Une grande capacité de captage

Mais comment expliquer cet écart entre la capacité de stockage entre les sols sous prairies et sous cultures annuelles? « Le carbone stocké dans le sol provient des végétaux via la photosynthèse. Les plantes pérennes ont de meilleures capacités de fixer le CO2 essentiellement parce qu’elles recouvrent le sol plus longtemps et plus densément que les cultures annuelles, résume Denis Angers. Par évolution, ces plantes vivaces ont aussi la capacité de transférer une grande partie du ­carbone vers leur système racinaire. »

Enfin, le maintien de stocks élevés de carbone dans les sols sous prairies est également attribuable à la faible fréquence de travail du sol dans la rotation des cultures. 

Ainsi, la capacité de captage de carbone d’un champ de soya aux entre-rangs dénudés, sans culture de couverture ni culture automnale, est très faible comparativement à une prairie composée de plusieurs espèces fourragères.

Réintégrer les cultures fourragères

À ce chapitre, les terres agricoles au Québec ont connu une baisse importante de leurs stocks de carbone au cours des 50 dernières années, principalement en raison de l’abandon des prairies associées aux fermes laitières en faveur des cultures annuelles. « À l’heure actuelle, les sols agricoles au Québec relâchent plus de carbone qu’ils n’en captent. Cela s’est traduit à long terme par une diminution de la matière organique dans les sols, une perte de fertilité et des problématiques d’érosion », constate Marie-Élise Samson, agronome et candidate au doctorat en conservation des sols à l’Université Laval, qui donnait une conférence sur le sujet au Symposium Sols Vivants en avril dernier.

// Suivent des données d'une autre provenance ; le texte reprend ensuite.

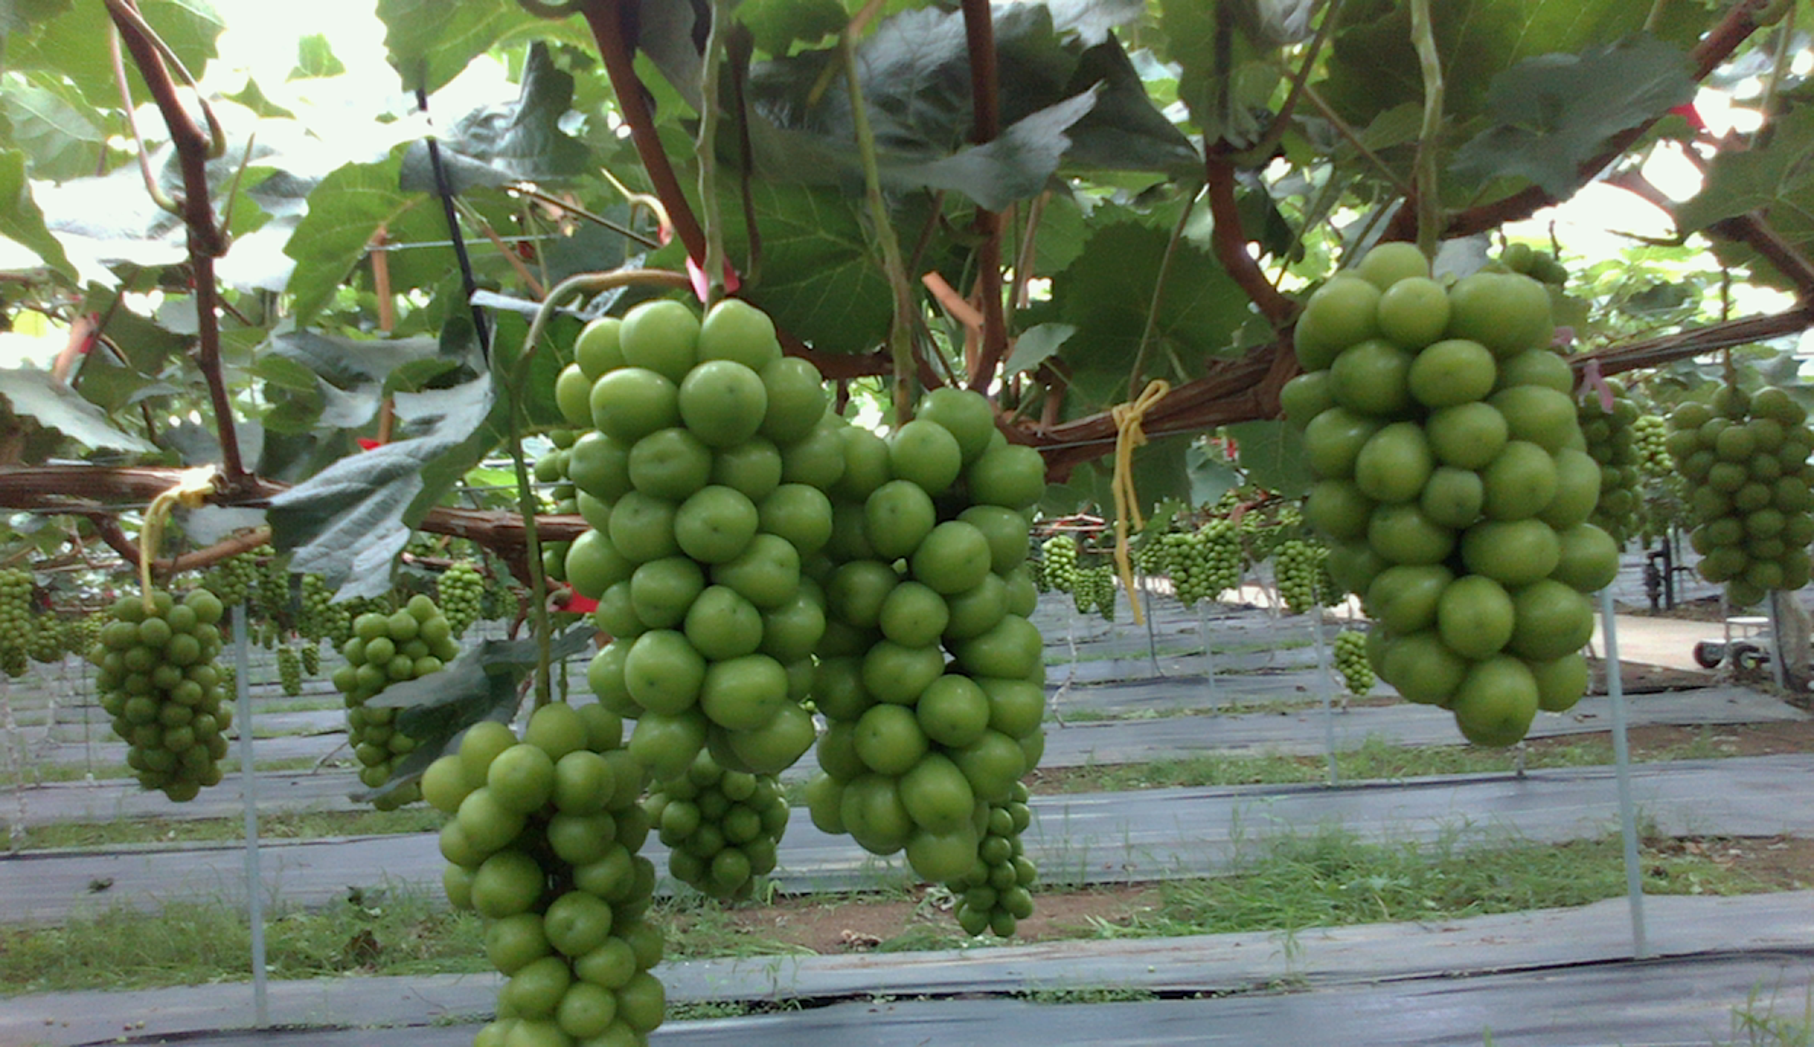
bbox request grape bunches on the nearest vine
[811,385,1047,883]
[552,300,849,781]
[1282,238,1624,745]
[420,701,669,1046]
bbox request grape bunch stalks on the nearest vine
[1411,1,1445,252]
[506,269,685,710]
[695,0,727,313]
[813,1,914,428]

Pourtant, le climat de la planète aurait bien besoin de ces prairies. L’Initiative 4 pour 1000, un regroupement international d’acteurs publics et privés, considère qu’un taux de croissance annuel de 0,4 % des stocks de carbone du sol dans les premiers 30 à 40 cm de sol suffirait à réduire de manière significative dans l’atmosphère la concentration de CO2 liée aux activités humaines. 

À moins d’un revirement spectaculaire, les cultures annuelles sont là pour rester dans nos campagnes. « Cependant, il y a moyen de couvrir le sol plus longtemps et plus densément dans les cultures annuelles que ce soit par le biais de cultures de couverture, de cultures intercalaires ou d’engrais verts, fait valoir Marie-Élise Samson. Avec ces ­pratiques, les producteurs peuvent améliorer la santé des sols, tout en contribuant à la lutte aux changements climatiques. »

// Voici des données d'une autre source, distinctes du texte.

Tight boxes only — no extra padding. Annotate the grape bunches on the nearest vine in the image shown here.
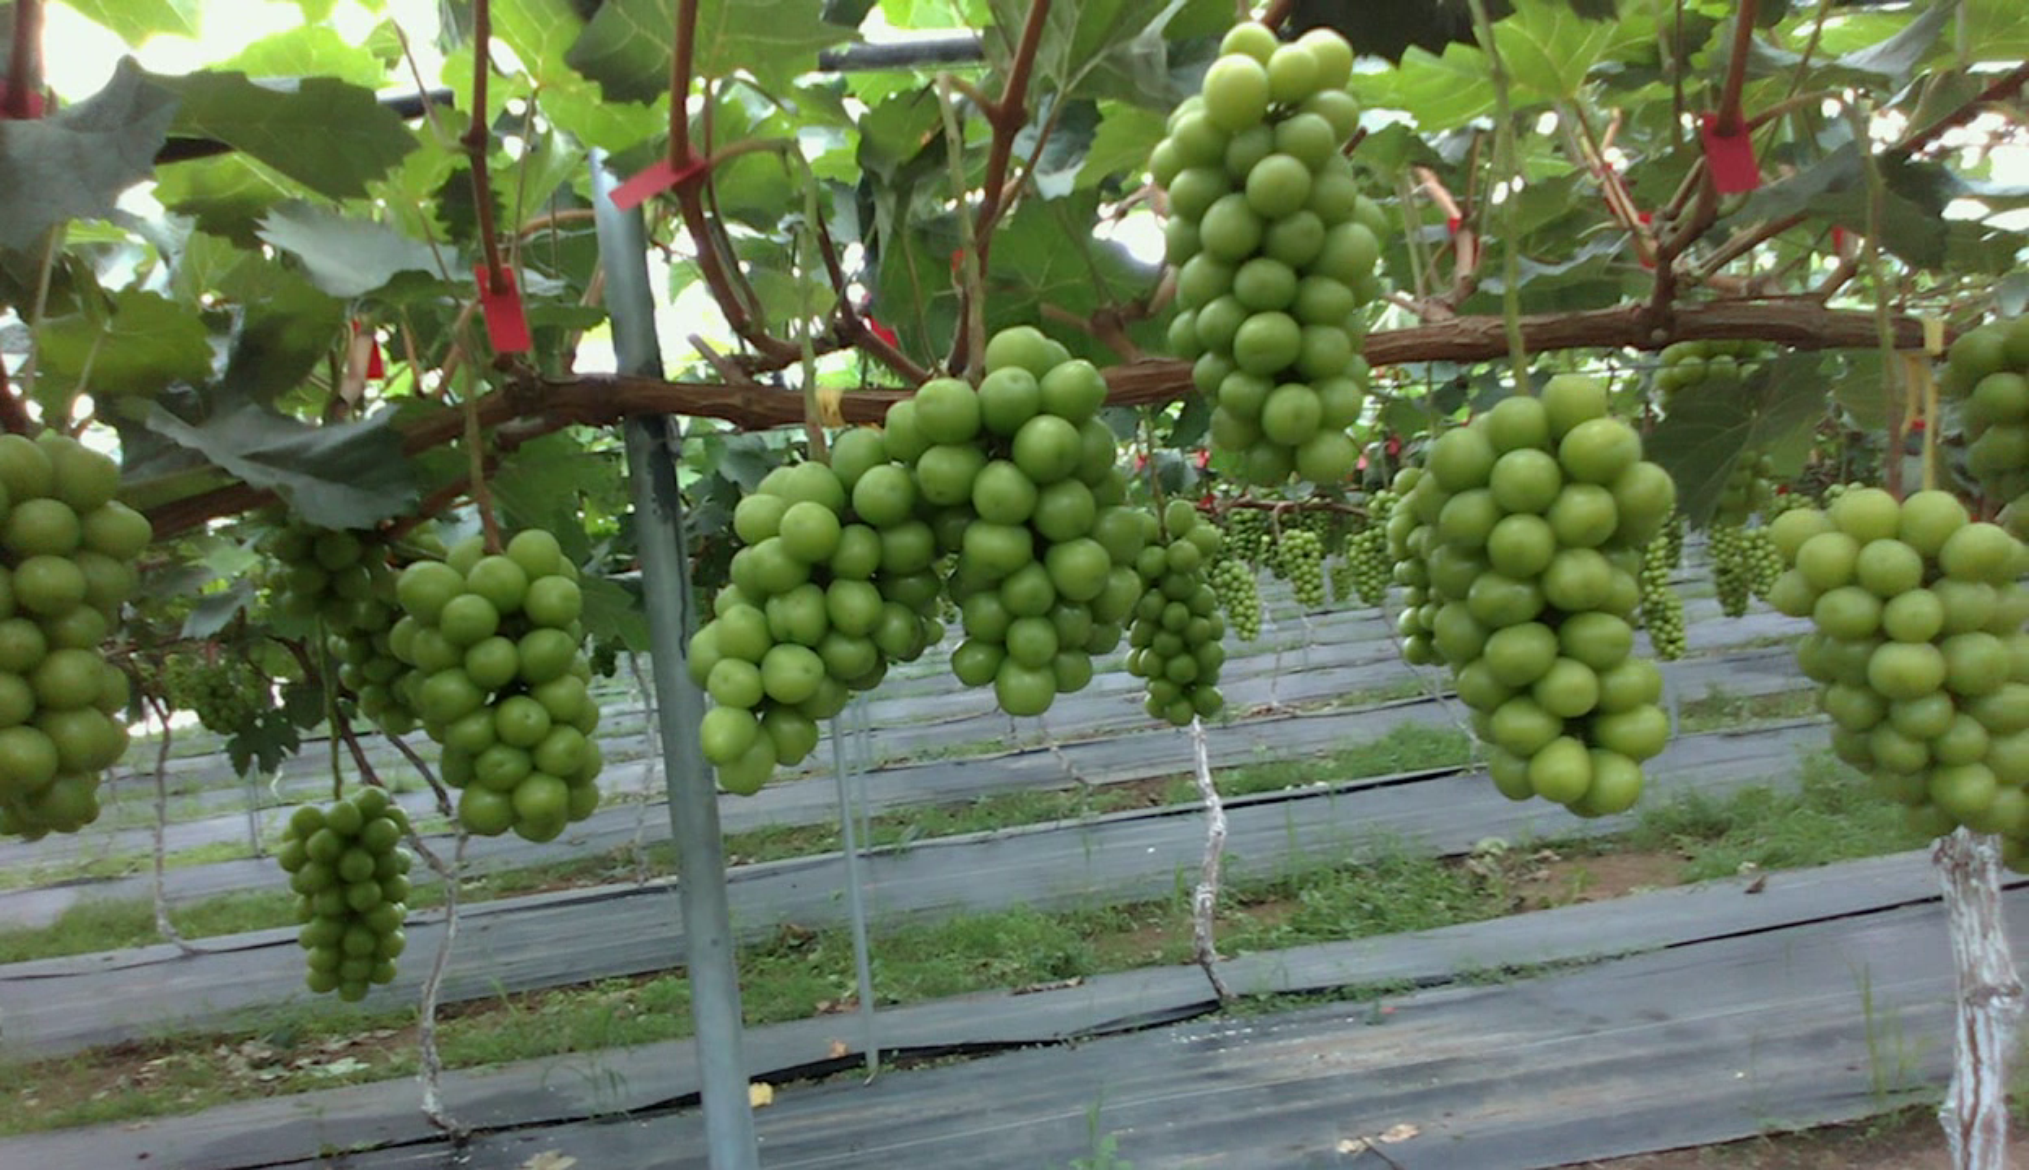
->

Qui plus est, l’intégration de cultures de couvertures dans ses rotations peut conférer au sol une plus grande résilience face aux aléas climatiques et peut avoir un effet bénéfique sur le rendement des cultures annuelles. Par exemple, l’utilisation de légumineuses en culture de couverture peut être avantageuse l’année précédent une culture exigeante en azote comme le maïs.

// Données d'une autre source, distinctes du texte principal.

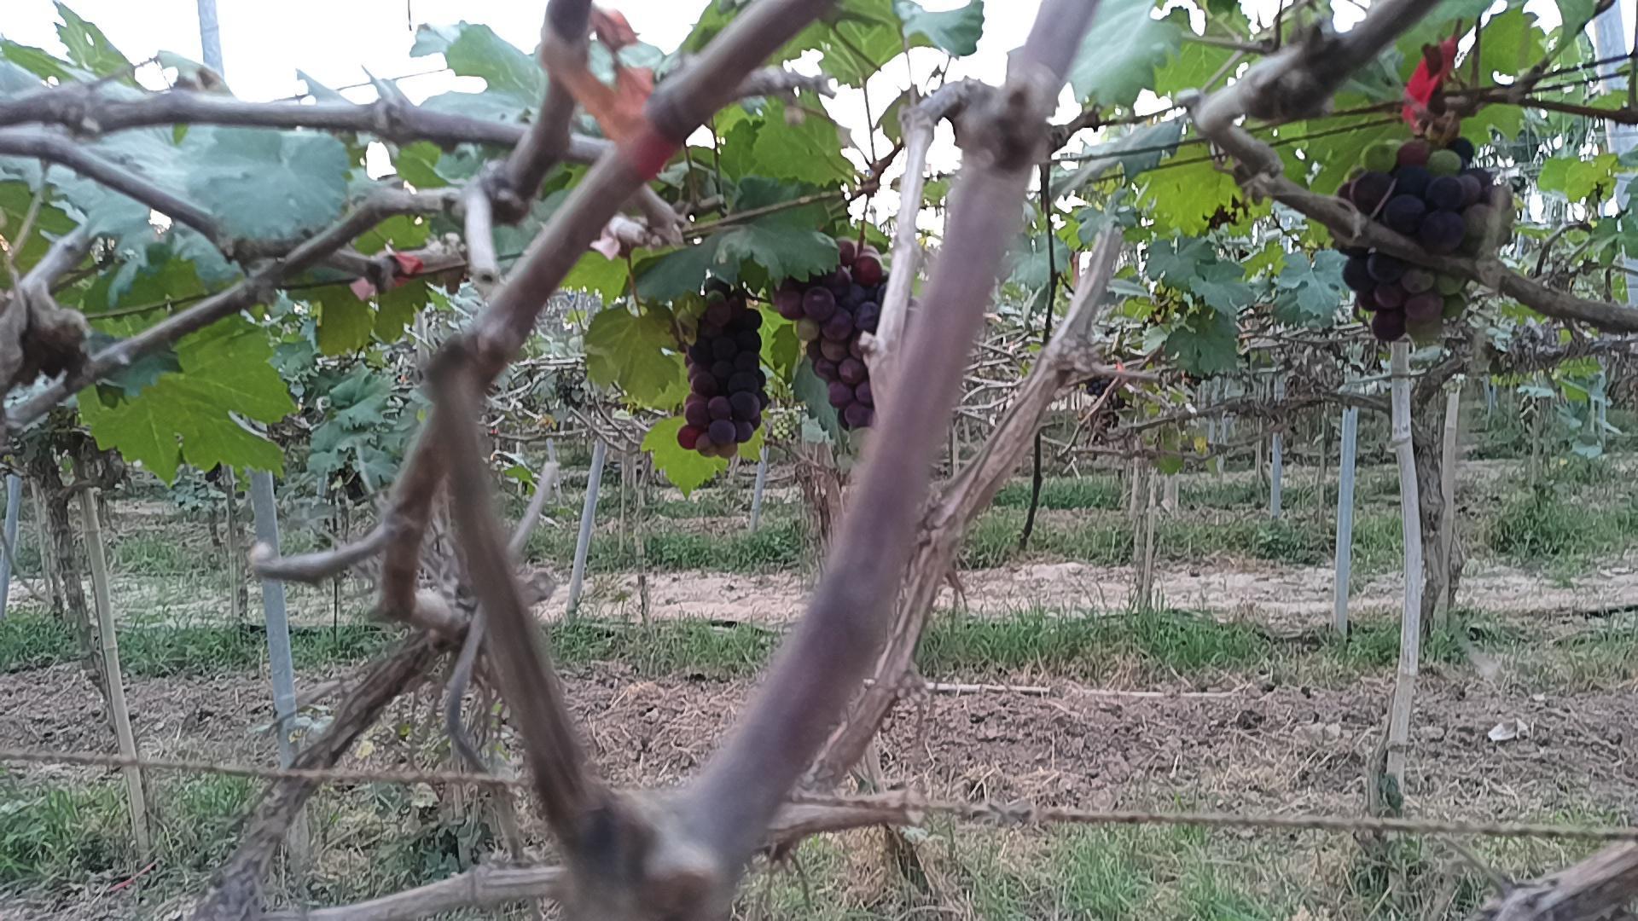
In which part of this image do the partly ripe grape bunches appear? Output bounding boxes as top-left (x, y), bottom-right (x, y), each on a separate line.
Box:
top-left (1329, 137), bottom-right (1517, 341)
top-left (775, 239), bottom-right (888, 430)
top-left (676, 277), bottom-right (769, 460)
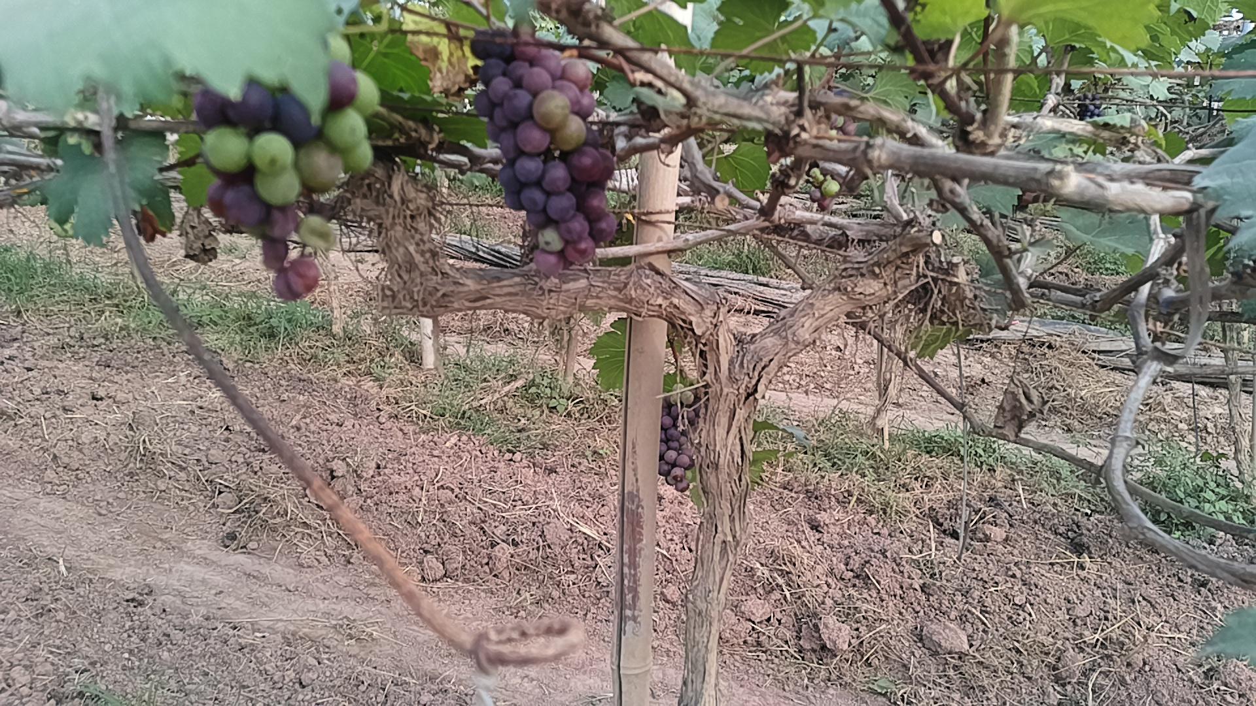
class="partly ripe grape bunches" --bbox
[658,391,703,492]
[194,51,379,300]
[472,29,618,275]

« Évidemment, la rotation entre cultures de ­couverture et cultures annuelles doit se faire de façon intelligente pour éviter que cela devienne un vecteur de maladies, mais bien planifiée et avec les bonnes connaissances, on peut obtenir plusieurs gains avec de faibles risques au niveau du rendement et peu d’investissements », ­souligne l’agronome.